Evilqueenofgallifrey on tumblr gave me an idea for a valentine I could give her: "Jenny teaching Vastra about Valentine's Day and them being generally adorable"
I wrote a few variations. I hope you like a fair few. (;
Please review! I love to know thoughts, even quick ones!
One might expect Vastra to have experienced Valentine's Day long before Jenny Flint, but one would (as the Madame often found) be wrong. She would hardly bother to point it out, however, for she had been up to more pressing things: namely, sleeping, for somewhere around 5000 years. She'd decided a nice long nap was in order; by the time she was awoken, rather rudely, she was considered a dangerous biopoedal dinosaur. By her own considerations she was something of a Draconian Lady, and thus she became a Madame of many trades.
Madame Vastra hadn't thought she'd miss anything interesting during her nap, but time-travel at least gave her a leg-up for reliving the more interesting past. It was only that Valentine's Day had never held much appeal to her before.
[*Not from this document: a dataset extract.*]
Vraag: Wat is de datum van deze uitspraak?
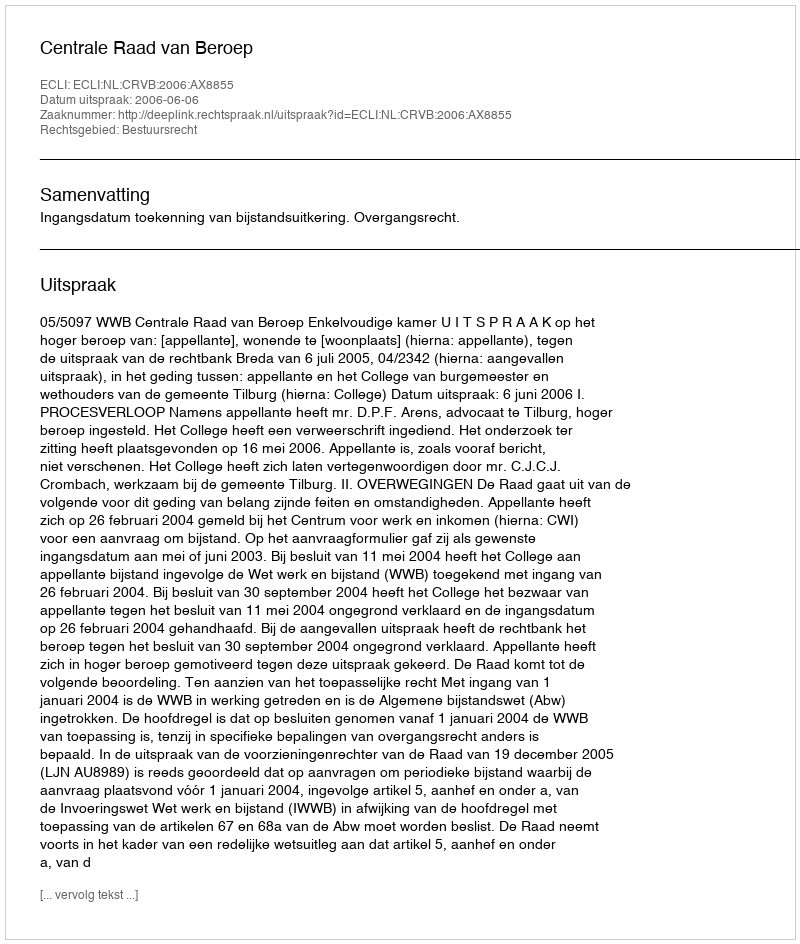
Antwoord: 2006-06-06

She might have been accused of a certain sexual appetite occasionally requiring satiation yet it was little more than that. Casual things, play-things, voracious sampling of any given city's sapphistry—never a matter of the heart. That was, not a matter of the heart until Jenny Flint, thief of the London streets, stole hers in one glance.
So it was that seven months into their—arrangement—the bright and shining day of romance was upon them. Only it was Victorian London, so in truth it dawned grey and drizzling with a general ambiance of smog.
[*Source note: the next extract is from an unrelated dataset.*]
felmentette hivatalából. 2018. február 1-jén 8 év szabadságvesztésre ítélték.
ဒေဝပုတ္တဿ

Perhaps it was the morose feeling of the day or the newness of them, the ambiguity of their sweethearted-ness, that inspired Jenny Flint to give her lovely lizard-lady a pass on her very favourite holiday.
She offered a minimal valentine herself: parchment paper, the illustration of a lizard heating itself on a stone by a roaring fire, and a poem.
Valentine's:
A day away afar the hustle and bustle,
A day to grasp her husk and bust 'til
Day departs to night come free,
Quiet and bright and washed in delight—
Just like she.
Jenny gave it to her Madame as they were out on the town, Vastra's veil covering all but the heat in her eyes, which Jenny could feel anywhere—and as the case was just then: everywhere.
They were nearly finished their meal when Vastra admitted defeat on the occasion, not recalling the importance of such a hall-marked holiday to the people of Victorian London. Jenny was ever so happy to dispense with her knowledge on the subject during their journey home.
Upon their arrival, she showed her Madamde the personal significance of the holiday to one Jennifer Izra Flint—twice, before they even reached the nearest bed. Jenny couldn't be sure, distracted as she was, but she thought her Madame might be reciting poetry with every sweep of the majestic draconian tongue between her legs.
Thus in the end her valentine—which was herself, always herself—came too, and all was right beneath the stars and the London smog.